This is crucial. In past conflicts, the lack of communication between units and basic issues such as logistics caused problems. This was especially a challenge for Northern Command during the 2006 Second Lebanon War; many of the largest problems were supposed to have been worked out years ago in the wake of that conflict. Advances in technology should streamline current challenges.

I asked the officer whether solutions exist in software developed by the civilian world. He says that the problem is that many of these systems are not ideal for the army, being that the IDF is complex and large with many systems. “These systems in the ecosystem of technology, they don’t have the target we need; we took ideas from outside though.”

The changes for the IDF have been rapid. 

“If we go back five years ago, no one would have imagined that a small unit in Northern Command would take charge of this big system. But today I have a lot of support from the army. It’s like if we are looking back one year, my team has doubled in size.”

He says the army is rapidly progressing in areas such as artificial intelligence, analytics and use of computers.

The IDF still appears balkanized as it attempts to go through digitization. There are units doing coding in the Kirya military headquarters, and other units in the Center and South that may not be familiar with challenges units face in the North.

“They live in the Center and don’t feel the needs in the North,” says the soldier. 

“So our commander believed he had some soldiers who could code and create some solutions to solve these issues; so that is why, in the North, we have a unit like this,” says Abramovich.

He believes this “Octopus” system will be deployed elsewhere soon. This will be important for making sure units are prepared for conflict. 

Israel currently faces the threats of a multifront war and also incoming rockets that could reach thousands a day if Israel confronts Hezbollah, Hamas and other Iranian-backed proxies. Recent drone incidents in the North are an example of the growing threat.

CPL. ALON Lushi has been in the army for a year and a half and works on the Northern Command’s WePlan under Sha’anan within the combat engineering unit. He is the WePlan team leader now.

“Basically, my office is under the command to place concrete elements and engineering items, and deals with where they will put new roads, or make a bunker for defenses that we design and execute,” he says.

He expands on the methods of WePlan. The group uses drones and goes to the field to prepare for mapping and executing a project using 3D models. In one case they had to build a site for an Iron Dome battery; they used a 3D model to make it most effective. 

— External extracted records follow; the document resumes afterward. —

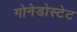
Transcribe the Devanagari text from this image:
गोनेडोस्टेट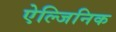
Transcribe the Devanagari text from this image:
ऐल्जिनिक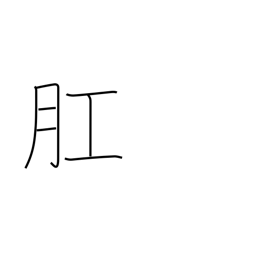
Meaning: anus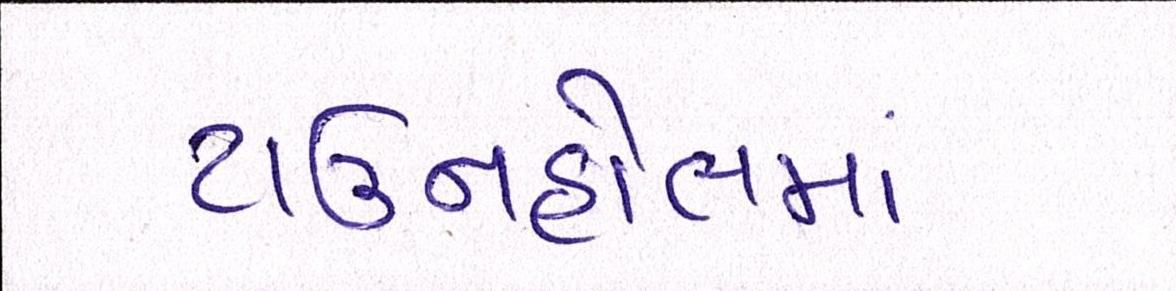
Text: ટાઉનહોલમાં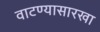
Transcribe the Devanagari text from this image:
वाटण्यासारखा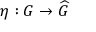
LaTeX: \eta : G \rightarrow { \widehat { G } }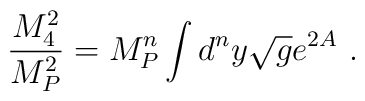
\frac{M_4^2}{M_P^2} = M_P^n \int d^ny \sqrt{g} e^{2A}\ .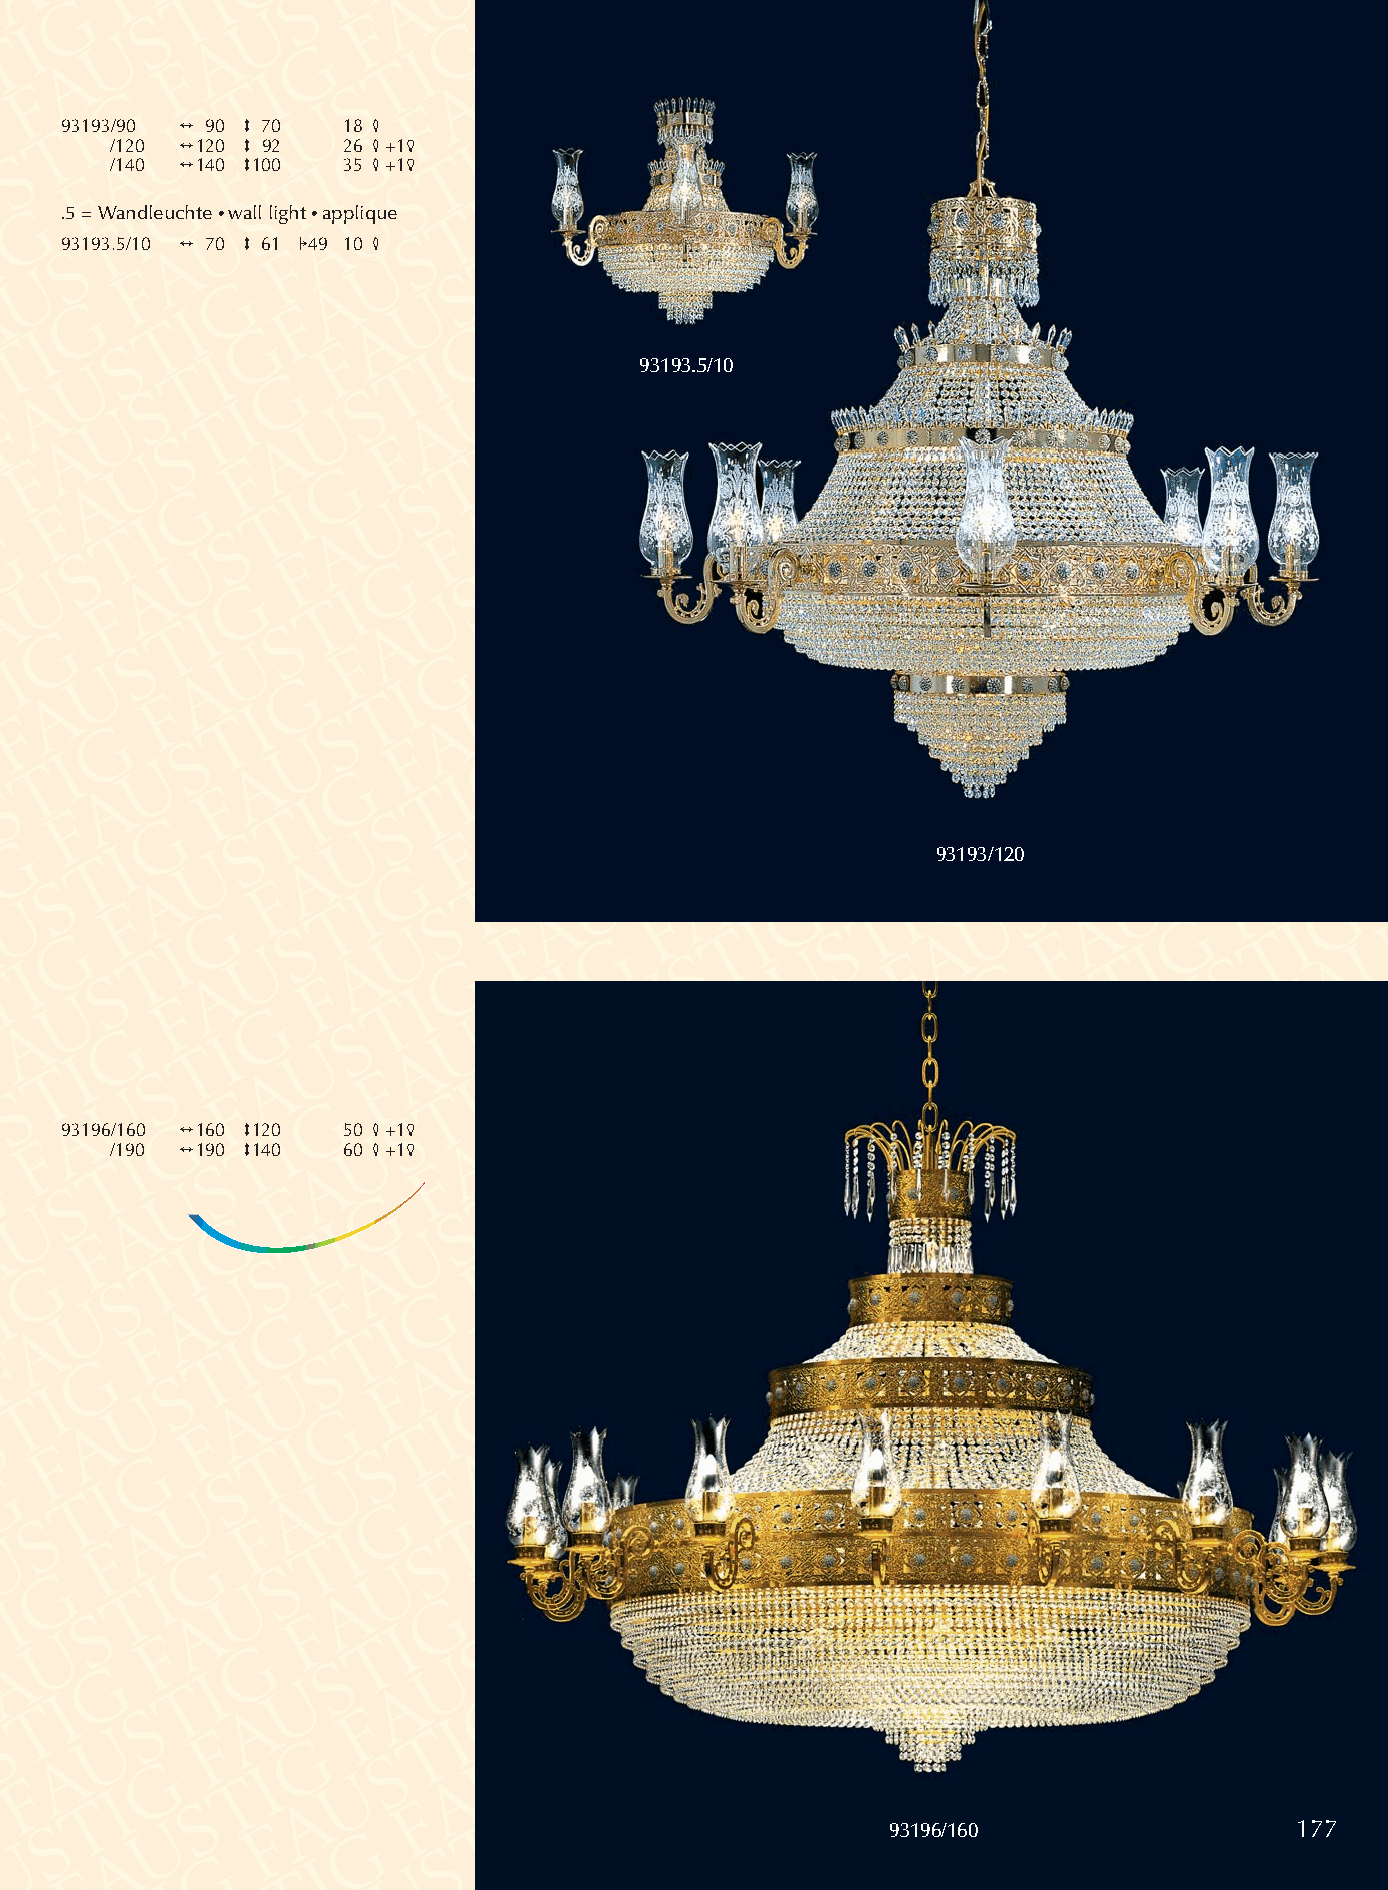
93193/90 2 90 3 70 18 4
 /120 2120 3 92  26 4+15
 /140 2140 3100  35 4+15
 .5 = Wandleuchte •wall light •applique
 93193.5/10 2 70 3 61 149 10 4
 93193.5/10
 93193/120
 93196/160 2160 3120 50 4+15
 /190 2190 3140  60 4+15
 93196/160                  177

Lushi is a graphic designer, having studied graphic design in high school, so he came to the army with some experience. “Most of my training was here. I was certified in this field alongside other people, and we do 3D models and have a photographer and videographer and those who make the visual side of the project.... There are engineering students. Basically, we combine [these technologies] to design the project.”

After making the models and running the math, they are able to see if the planned structure will be structurally sound and also secure against the kinds of rocket or other threats it might face.

The process saves money and time because new technology enables less meetings and planning.

“We use a wide range of software. We are not limited; it’s not just Photoshop, Illustrator or Premier or other video apps.... We have a 3D printer we use a lot, [and] we get to work on the math side.”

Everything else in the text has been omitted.